As Garmin agents in Portugal, we Organizers, who are also experienced riders, have the opportunity to test several models of GPS and extensively use them in the race route throughout the year. In the most varied and adverse situations we have evaluated all variables and concluded that the Edge 1030/830 and the Oregon series of GPS are, at this moment, the best GPS for this race. Both the Edge 1030/830 and the Oregon are the most adequate and the ones that better ensure that the racer’s performance is not affected by using a GPS as the race track guidance method.
There are other models that may well do, however they won’t be as efficient and may therefore negatively impact the racer’s overall performance in the race trails. In TransPortugal the GPS is the fundamental piece of equipment, above any bike component, even above the bike itself, therefore neglecting to consider its quality and adequacy to this race by choosing a lower grade device, is not the best way to approach the preparation for the race. Considering our knowledge of the race and the data we prepared to download to the athletes’ GPS, we hereafter forward a list of GPS sorted by their race suitability:

  • 1st - Edge 1030 or 830
  • 2nd - Oregon 700/750 (or the older Oregon 600/650)
  • 3rd - Etrex Touch 35t
  • 4th - Edge 530

Please think carefully on this sentence:
- We believe that the racer who chooses an older Garmin model instead of the Edge 1030/830 or Oregon 700 for instance, will lose a lot more in the race than opting on an SLX rear derailler for his bike instead of an XTR. We do hope you all follow our advice and get one of the recommended ones.

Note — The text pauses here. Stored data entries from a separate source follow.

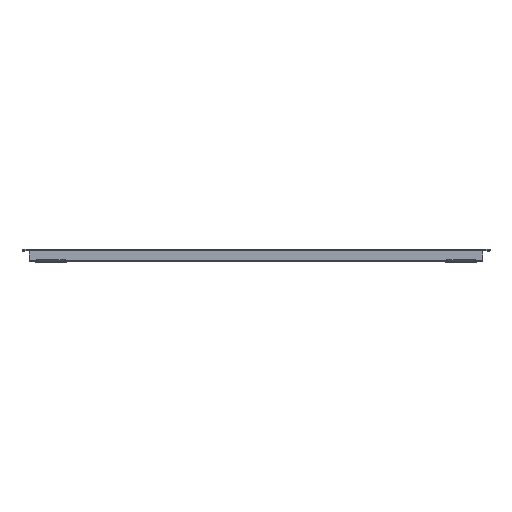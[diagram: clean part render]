
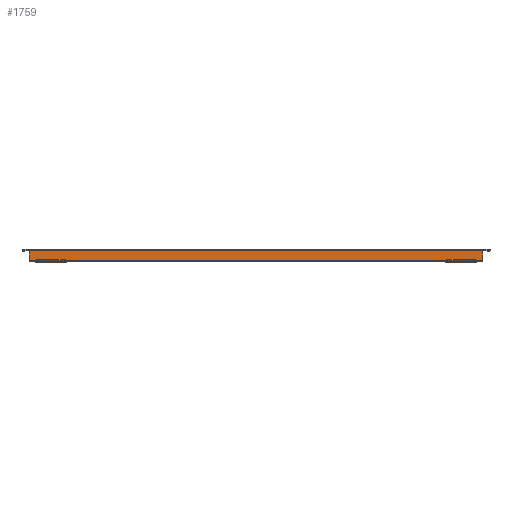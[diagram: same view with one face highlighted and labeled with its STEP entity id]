
A CAD part, top view. The second image highlights one B-rep face of the part: STEP entity #1759.
In plain terms, the highlighted planar face has unit normal (0, 0, 1).
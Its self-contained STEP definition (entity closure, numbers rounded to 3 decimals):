
#70 = CARTESIAN_POINT ( 'NONE',  ( 566., -28.8, 437.507 ) ) ;
#108 = ORIENTED_EDGE ( 'NONE', *, *, #3045, .F. ) ;
#129 = VECTOR ( 'NONE', #4456, 1000. ) ;
#170 = PLANE ( 'NONE',  #2925 ) ;
#305 = DIRECTION ( 'NONE',  ( 0., 0., 1. ) ) ;
#324 = VERTEX_POINT ( 'NONE', #5633 ) ;
#403 = ORIENTED_EDGE ( 'NONE', *, *, #4893, .F. ) ;
#439 = VECTOR ( 'NONE', #4691, 1000. ) ;
#448 = EDGE_CURVE ( 'NONE', #5435, #3843, #3783, .T. ) ;
#478 = ORIENTED_EDGE ( 'NONE', *, *, #2219, .F. ) ;
#556 = VECTOR ( 'NONE', #4752, 1000. ) ;
#630 = ORIENTED_EDGE ( 'NONE', *, *, #3088, .T. ) ;
#729 = CARTESIAN_POINT ( 'NONE',  ( 0., -28.8, 437.507 ) ) ;
#810 = CARTESIAN_POINT ( 'NONE',  ( 486., 434.7, 437.507 ) ) ;
#854 = ORIENTED_EDGE ( 'NONE', *, *, #2465, .F. ) ;
#946 = CARTESIAN_POINT ( 'NONE',  ( 582.5, -25.8, 437.507 ) ) ;
#956 = AXIS2_PLACEMENT_3D ( 'NONE', #2805, #305, #3224 ) ;
#960 = VECTOR ( 'NONE', #4162, 1000. ) ;
#1104 = ORIENTED_EDGE ( 'NONE', *, *, #5972, .T. ) ;
#1113 = VECTOR ( 'NONE', #1783, 1000. ) ;
#1149 = VERTEX_POINT ( 'NONE', #3415 ) ;
#1197 = LINE ( 'NONE', #5786, #3914 ) ;
#1209 = CARTESIAN_POINT ( 'NONE',  ( 486., -28.8, 437.507 ) ) ;
#1240 = CARTESIAN_POINT ( 'NONE',  ( 0., -3., 437.507 ) ) ;
#1273 = DIRECTION ( 'NONE',  ( 0., 0., -1. ) ) ;
#1312 = LINE ( 'NONE', #2280, #439 ) ;
#1330 = CARTESIAN_POINT ( 'NONE',  ( 582.5, 434.7, 437.507 ) ) ;
#1427 = CARTESIAN_POINT ( 'NONE',  ( -566., -28.804, 437.507 ) ) ;
#1439 = CARTESIAN_POINT ( 'NONE',  ( 0., -28.804, 437.507 ) ) ;
#1480 = EDGE_CURVE ( 'NONE', #2413, #2156, #1781, .T. ) ;
#1641 = VERTEX_POINT ( 'NONE', #6070 ) ;
#1667 = DIRECTION ( 'NONE',  ( 0., 1., 0. ) ) ;
#1759 = ADVANCED_FACE ( 'NONE', ( #6136 ), #170, .F. ) ;
#1781 = LINE ( 'NONE', #4767, #3859 ) ;
#1783 = DIRECTION ( 'NONE',  ( -1., 0., 0. ) ) ;
#1816 = LINE ( 'NONE', #4695, #6415 ) ;
#1929 = CARTESIAN_POINT ( 'NONE',  ( -582.5, 434.7, 437.507 ) ) ;
#2156 = VERTEX_POINT ( 'NONE', #1209 ) ;
#2219 = EDGE_CURVE ( 'NONE', #3843, #5457, #5361, .T. ) ;
#2243 = ORIENTED_EDGE ( 'NONE', *, *, #2895, .T. ) ;
#2280 = CARTESIAN_POINT ( 'NONE',  ( 0., -28.804, 437.507 ) ) ;
#2305 = VECTOR ( 'NONE', #3916, 1000. ) ;
#2338 = CARTESIAN_POINT ( 'NONE',  ( -582.5, -25.8, 437.507 ) ) ;
#2388 = EDGE_CURVE ( 'NONE', #5435, #5240, #4664, .T. ) ;
#2413 = VERTEX_POINT ( 'NONE', #4732 ) ;
#2465 = EDGE_CURVE ( 'NONE', #3718, #1641, #1816, .T. ) ;
#2483 = CARTESIAN_POINT ( 'NONE',  ( -486., 434.7, 437.507 ) ) ;
#2573 = EDGE_CURVE ( 'NONE', #6166, #5457, #5774, .T. ) ;
#2694 = DIRECTION ( 'NONE',  ( 0., 0., 1. ) ) ;
#2758 = VECTOR ( 'NONE', #6482, 1000. ) ;
#2805 = CARTESIAN_POINT ( 'NONE',  ( 579.5, -25.8, 437.507 ) ) ;
#2818 = DIRECTION ( 'NONE',  ( 0., 1., 0. ) ) ;
#2836 = DIRECTION ( 'NONE',  ( 0., -1., 0. ) ) ;
#2838 = VECTOR ( 'NONE', #5308, 1000. ) ;
#2895 = EDGE_CURVE ( 'NONE', #3515, #2413, #3424, .T. ) ;
#2925 = AXIS2_PLACEMENT_3D ( 'NONE', #4157, #1273, #1667 ) ;
#3013 = EDGE_CURVE ( 'NONE', #6421, #1641, #1312, .T. ) ;
#3026 = CARTESIAN_POINT ( 'NONE',  ( -582.5, -3., 437.507 ) ) ;
#3045 = EDGE_CURVE ( 'NONE', #6421, #2156, #3767, .T. ) ;
#3088 = EDGE_CURVE ( 'NONE', #5849, #3515, #3380, .T. ) ;
#3170 = CARTESIAN_POINT ( 'NONE',  ( 486., -28.804, 437.507 ) ) ;
#3224 = DIRECTION ( 'NONE',  ( 0., 1., 0. ) ) ;
#3293 = DIRECTION ( 'NONE',  ( 1., 0., 0. ) ) ;
#3380 = LINE ( 'NONE', #1439, #129 ) ;
#3415 = CARTESIAN_POINT ( 'NONE',  ( -566., -28.8, 437.507 ) ) ;
#3424 = LINE ( 'NONE', #2483, #2758 ) ;
#3515 = VERTEX_POINT ( 'NONE', #4314 ) ;
#3718 = VERTEX_POINT ( 'NONE', #70 ) ;
#3767 = LINE ( 'NONE', #810, #960 ) ;
#3783 = LINE ( 'NONE', #1240, #556 ) ;
#3843 = VERTEX_POINT ( 'NONE', #5396 ) ;
#3859 = VECTOR ( 'NONE', #6245, 1000. ) ;
#3877 = EDGE_LOOP ( 'NONE', ( #1104, #630, #2243, #5755, #108, #6481, #854, #403, #4611, #478, #5521, #6215, #5607, #5159 ) ) ;
#3914 = VECTOR ( 'NONE', #3293, 1000. ) ;
#3916 = DIRECTION ( 'NONE',  ( 0., -1., 0. ) ) ;
#4157 = CARTESIAN_POINT ( 'NONE',  ( 0., 434.7, 437.507 ) ) ;
#4162 = DIRECTION ( 'NONE',  ( 0., 1., 0. ) ) ;
#4314 = CARTESIAN_POINT ( 'NONE',  ( -486., -28.804, 437.507 ) ) ;
#4388 = EDGE_CURVE ( 'NONE', #324, #1149, #1197, .T. ) ;
#4456 = DIRECTION ( 'NONE',  ( 1., 0., 0. ) ) ;
#4611 = ORIENTED_EDGE ( 'NONE', *, *, #2573, .T. ) ;
#4664 = LINE ( 'NONE', #1929, #2305 ) ;
#4691 = DIRECTION ( 'NONE',  ( 1., 0., 0. ) ) ;
#4695 = CARTESIAN_POINT ( 'NONE',  ( 566., 434.7, 437.507 ) ) ;
#4731 = LINE ( 'NONE', #729, #1113 ) ;
#4732 = CARTESIAN_POINT ( 'NONE',  ( -486., -28.8, 437.507 ) ) ;
#4752 = DIRECTION ( 'NONE',  ( 1., 0., 0. ) ) ;
#4767 = CARTESIAN_POINT ( 'NONE',  ( 0., -28.8, 437.507 ) ) ;
#4893 = EDGE_CURVE ( 'NONE', #6166, #3718, #4731, .T. ) ;
#5130 = AXIS2_PLACEMENT_3D ( 'NONE', #5208, #2694, #2818 ) ;
#5159 = ORIENTED_EDGE ( 'NONE', *, *, #4388, .T. ) ;
#5183 = CARTESIAN_POINT ( 'NONE',  ( -566., 434.7, 437.507 ) ) ;
#5208 = CARTESIAN_POINT ( 'NONE',  ( -579.5, -25.8, 437.507 ) ) ;
#5240 = VERTEX_POINT ( 'NONE', #2338 ) ;
#5297 = CARTESIAN_POINT ( 'NONE',  ( 579.5, -28.8, 437.507 ) ) ;
#5308 = DIRECTION ( 'NONE',  ( 0., -1., 0. ) ) ;
#5331 = DIRECTION ( 'NONE',  ( 0., -1., 0. ) ) ;
#5361 = LINE ( 'NONE', #1330, #5964 ) ;
#5396 = CARTESIAN_POINT ( 'NONE',  ( 582.5, -3., 437.507 ) ) ;
#5435 = VERTEX_POINT ( 'NONE', #3026 ) ;
#5457 = VERTEX_POINT ( 'NONE', #946 ) ;
#5521 = ORIENTED_EDGE ( 'NONE', *, *, #448, .F. ) ;
#5607 = ORIENTED_EDGE ( 'NONE', *, *, #5655, .T. ) ;
#5633 = CARTESIAN_POINT ( 'NONE',  ( -579.5, -28.8, 437.507 ) ) ;
#5655 = EDGE_CURVE ( 'NONE', #5240, #324, #6397, .T. ) ;
#5707 = LINE ( 'NONE', #5183, #2838 ) ;
#5755 = ORIENTED_EDGE ( 'NONE', *, *, #1480, .T. ) ;
#5774 = CIRCLE ( 'NONE', #956, 3. ) ;
#5786 = CARTESIAN_POINT ( 'NONE',  ( 0., -28.8, 437.507 ) ) ;
#5849 = VERTEX_POINT ( 'NONE', #1427 ) ;
#5964 = VECTOR ( 'NONE', #5331, 1000. ) ;
#5972 = EDGE_CURVE ( 'NONE', #1149, #5849, #5707, .T. ) ;
#6070 = CARTESIAN_POINT ( 'NONE',  ( 566., -28.804, 437.507 ) ) ;
#6136 = FACE_OUTER_BOUND ( 'NONE', #3877, .T. ) ;
#6166 = VERTEX_POINT ( 'NONE', #5297 ) ;
#6215 = ORIENTED_EDGE ( 'NONE', *, *, #2388, .T. ) ;
#6245 = DIRECTION ( 'NONE',  ( 1., 0., 0. ) ) ;
#6397 = CIRCLE ( 'NONE', #5130, 3. ) ;
#6415 = VECTOR ( 'NONE', #2836, 1000. ) ;
#6421 = VERTEX_POINT ( 'NONE', #3170 ) ;
#6481 = ORIENTED_EDGE ( 'NONE', *, *, #3013, .T. ) ;
#6482 = DIRECTION ( 'NONE',  ( 0., 1., 0. ) ) ;

The Race Program on Day Zero (Day 0) foresees a special period of time for the athletes to train on the first part of the Race track. This is great and should also be used to get acquainted with the GPS and its settings for the race.

Except for the Edge models, which have but an internal lithium battery, all the other above mentioned GPSs take a pair of double A alkaline or rechargeable batteries. For these you should at have at least 2 pairs of batteries. You can bring them with you or buy from the Organizers when you get here. We will have them
on sale during the race. We do recommend rechargeable NiMh batteries of at least 2500mA of capacity. From our experience, the best commercially available AA batteries, at the moment, are the Panasonic Eneloop. These will be the ones we will have on sale during the race.

In short the answer is yes, they are compatible.